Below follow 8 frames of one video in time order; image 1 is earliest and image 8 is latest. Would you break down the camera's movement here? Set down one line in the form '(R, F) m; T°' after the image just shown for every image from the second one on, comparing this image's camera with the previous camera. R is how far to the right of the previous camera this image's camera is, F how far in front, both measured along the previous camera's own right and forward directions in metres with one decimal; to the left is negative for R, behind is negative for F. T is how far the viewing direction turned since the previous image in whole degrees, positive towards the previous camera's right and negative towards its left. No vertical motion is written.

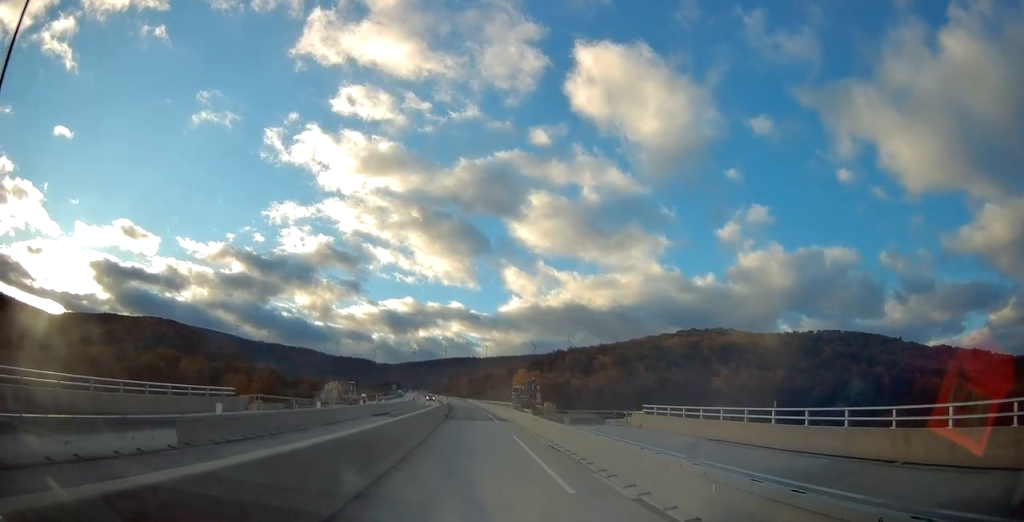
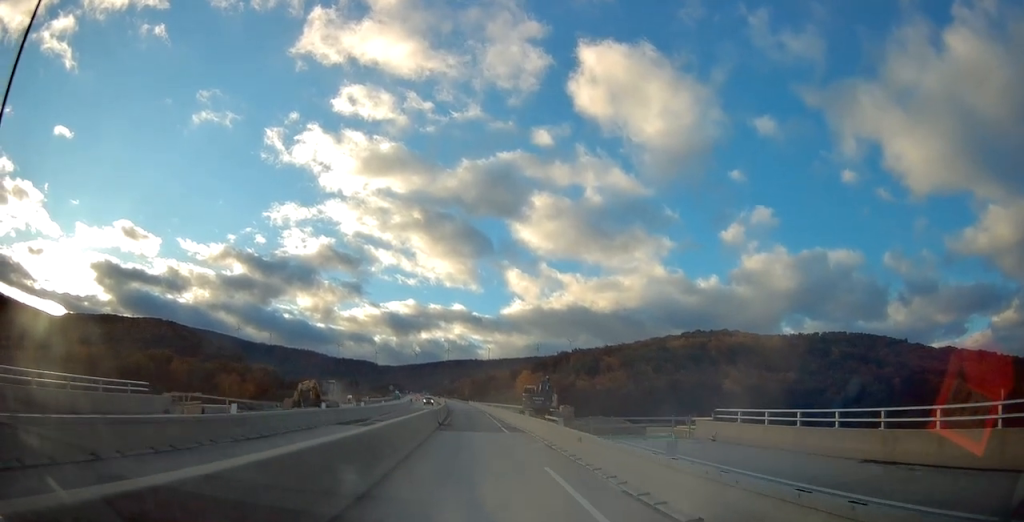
(0.0, +11.1) m; -1°
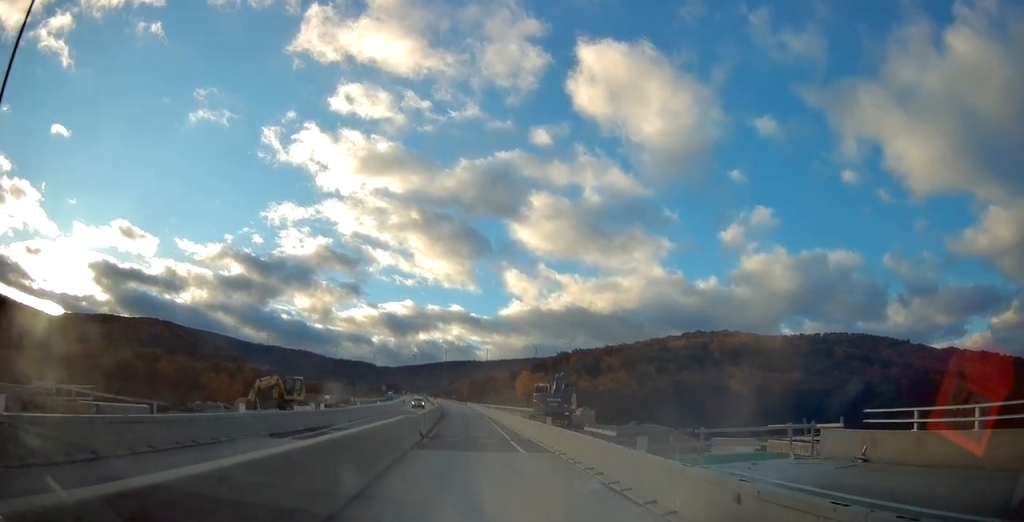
(-0.1, +11.1) m; 0°
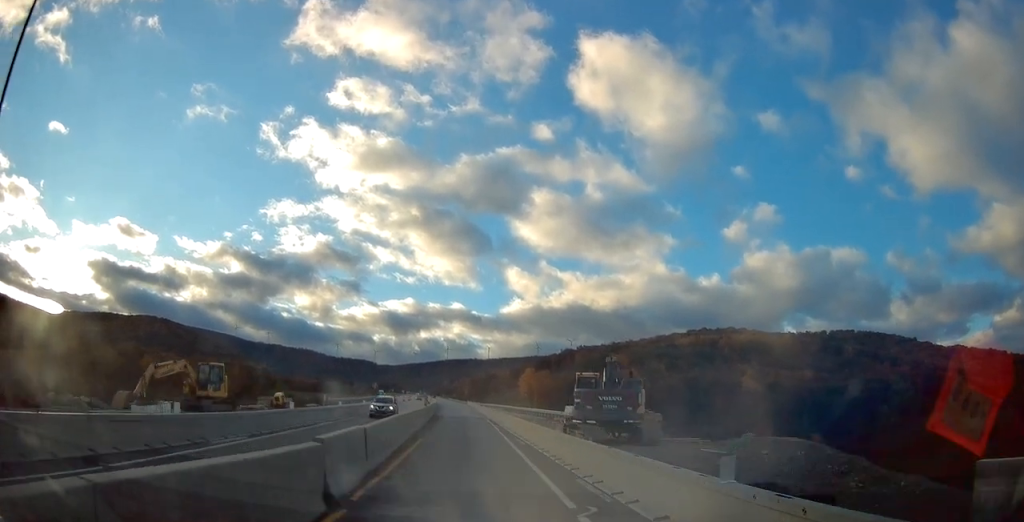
(0.0, +16.8) m; 0°
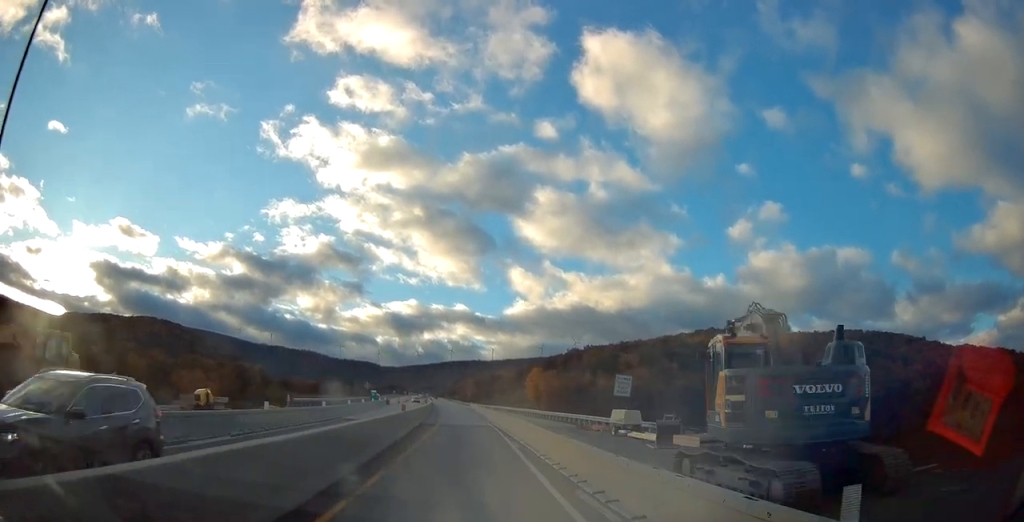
(+0.1, +15.3) m; 0°
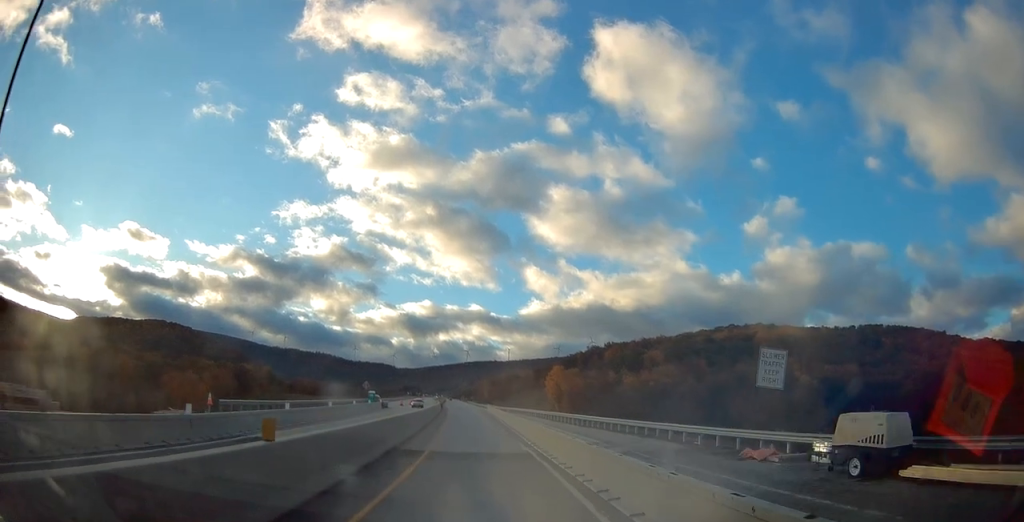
(-0.2, +20.0) m; -1°
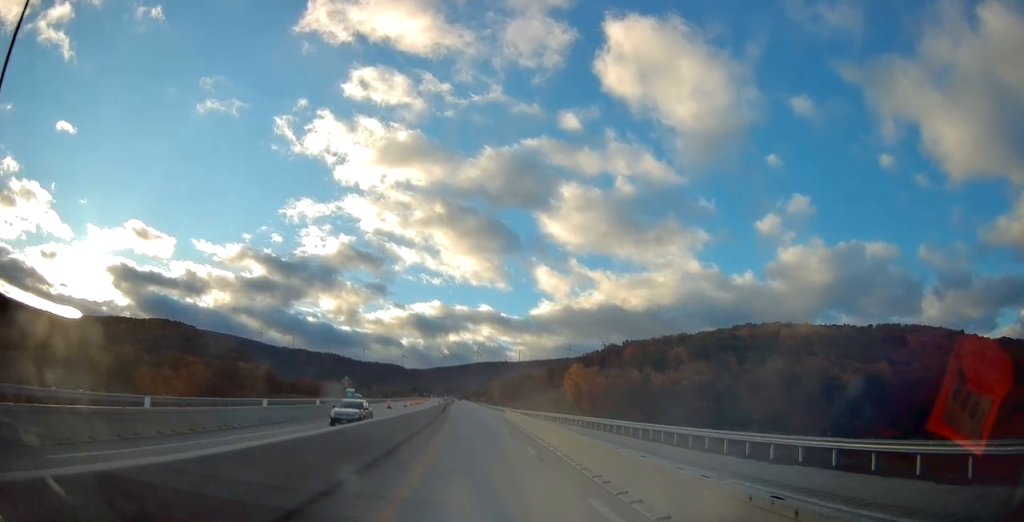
(-0.3, +25.6) m; -1°
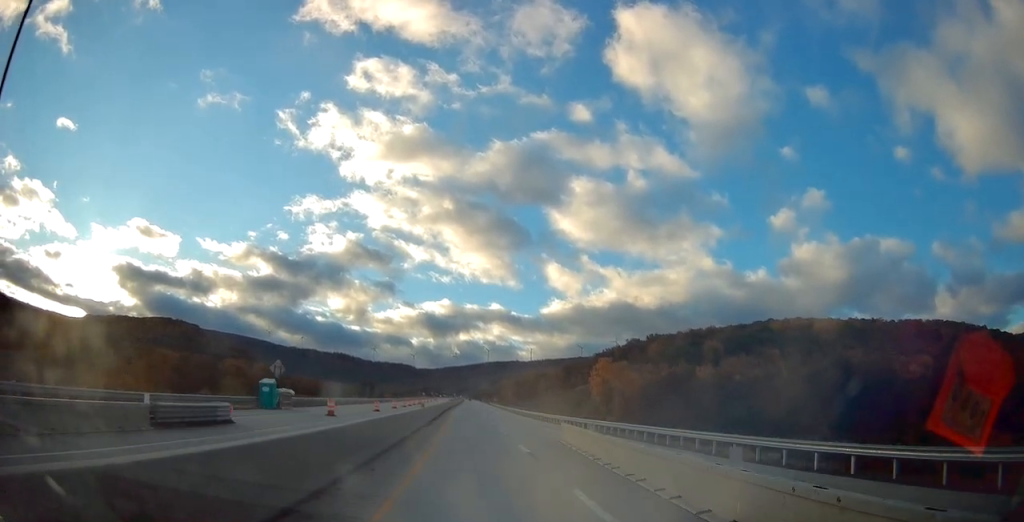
(-0.5, +34.8) m; -1°
***
▸ **Exercise objective**
The entries above need to be repeated in full, word for word. Skip the images.

▸ **Completed task**
Below follow 8 frames of one video in time order; image 1 is earliest and image 8 is latest. Would you break down the camera's movement here? Set down one line in the form '(R, F) m; T°' after the image just shown for every image from the second one on, comparing this image's camera with the previous camera. R is how far to the right of the previous camera this image's camera is, F how far in front, both measured along the previous camera's own right and forward directions in metres with one decimal; to the left is negative for R, behind is negative for F. T is how far the viewing direction turned since the previous image in whole degrees, positive towards the previous camera's right and negative towards its left. No vertical motion is written.

(0.0, +11.1) m; -1°
(-0.1, +11.1) m; 0°
(0.0, +16.8) m; 0°
(+0.1, +15.3) m; 0°
(-0.2, +20.0) m; -1°
(-0.3, +25.6) m; -1°
(-0.5, +34.8) m; -1°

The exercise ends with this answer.